What Is Serendipity?

We often credit unexpected events to serendipity. But who amongst us knows The Three Princes of Serendip, the tale from which the word derives?

That did happen to me once, and it was a complete chance. I was in the East German communist party archive in the Berlin suburb of Lichterfelde and running out of materials to look at but, having made the trek down from central Berlin, wanted to make the most of the day (and, as I recall, it was a rainy, prematurely dark day in late-fall Berlin, so I wasn’t in a rush to brave the elements and head for the S-Bahn). So I ordered a file that promised some contents on US–Soviet relations but implied that this was all to do with Nazi looting and similar claims, which I could get in a matter of minutes because it was only accessible in the dreaded microfiche format.

At it happened, the file contained the Soviet records, translated into German and shared with the DDR, of a series of secret back-channel meetings between the US ambassador to West Germany and the Soviet ambassador to East Germany, who routinely met on Berlin- and German-occupation business throughout the Cold War and used that routine forum as a back-channel during the early Reagan administration. I had come across allusions to some sort of back channel during this period of the early 1980s when many people claim the Cold War was at its hottest at least since the Cuban Missile Crisis, and now I had found the proof while I was just trying to kill some time.

Do you have a favorite classroom moment?

All the moments when you can see something “click” for a student are my favorites, and among those the ones which really mean the most are when a student “gets it” about something bigger than just the topic of that day’s lecture or seminar. I love it when a student realizes they have something to offer the world beyond being a management consultant, mergers-and-acquisitions lawyer, or investment banker and wants to apply for a summer internship in the intelligence community, for example. Or when a student who suffered through four years of high school thinking history is about rote memorization unlocks its enormous analytical power to help better understand our present and think about the future, too.

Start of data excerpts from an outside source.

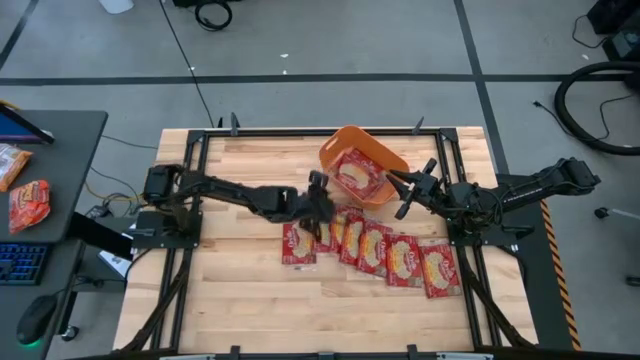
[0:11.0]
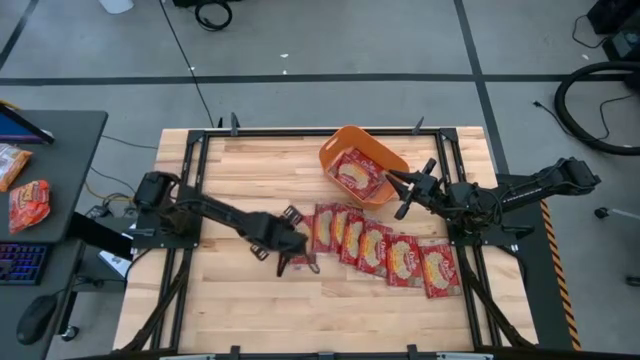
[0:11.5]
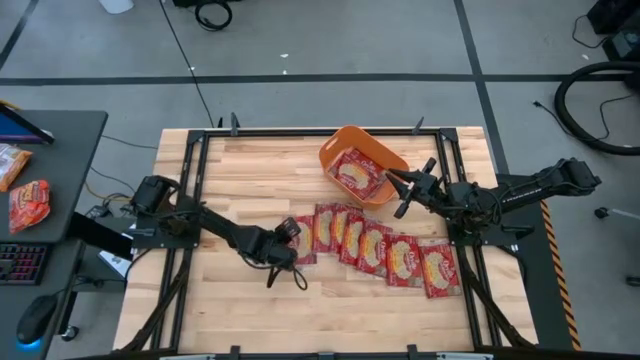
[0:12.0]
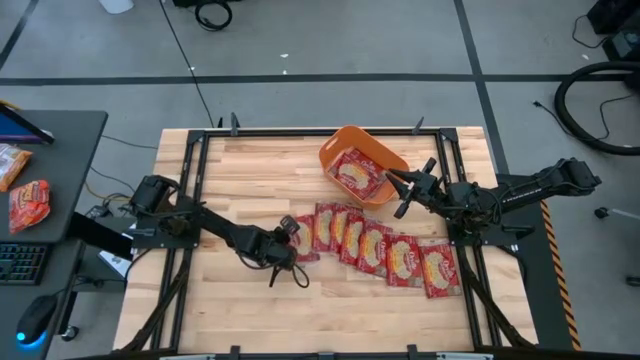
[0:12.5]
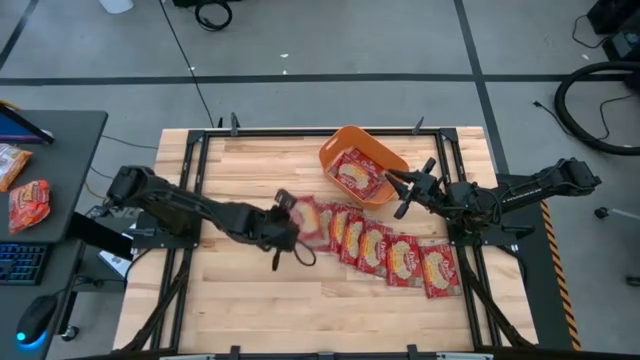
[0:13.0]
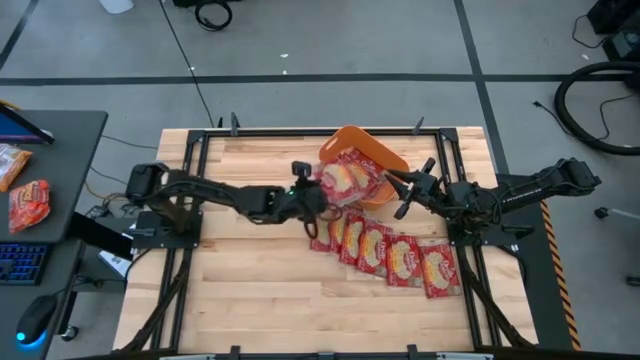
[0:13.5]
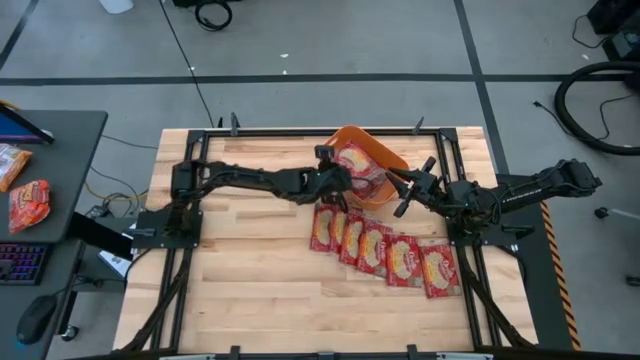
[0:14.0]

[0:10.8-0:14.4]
Task: Sort popcorn bags into baskets
Put the popcorn bag into the bin

What’s the next big thing in your field?

I’m the wrong person to ask about this! I’m acutely aware that the things I study—hard power; guns-and-bombs security; diplomatic, military, and intelligence history—are very unfashionable. I’d like to see those things come back into fashion, and I’d like to see the field be less fashion-conscious and faddish, but just like I’m not making predictions, I’m not holding my breath.

What’s on your bedside table? What’s your next read?

A lamp, a (hopefully fresh) glass of water, a Kindle which is on its last legs, and the latest Economist and Atlantic. Ideally, not my iPhone.

I probably should name-check some great works of recently published history that I have in the queue, and I am looking forward to reading all of them…eventually. But the honest answer is that I’m most looking forward to reading the latest installment in Daniel Silva’s Gabriel Allon thriller series.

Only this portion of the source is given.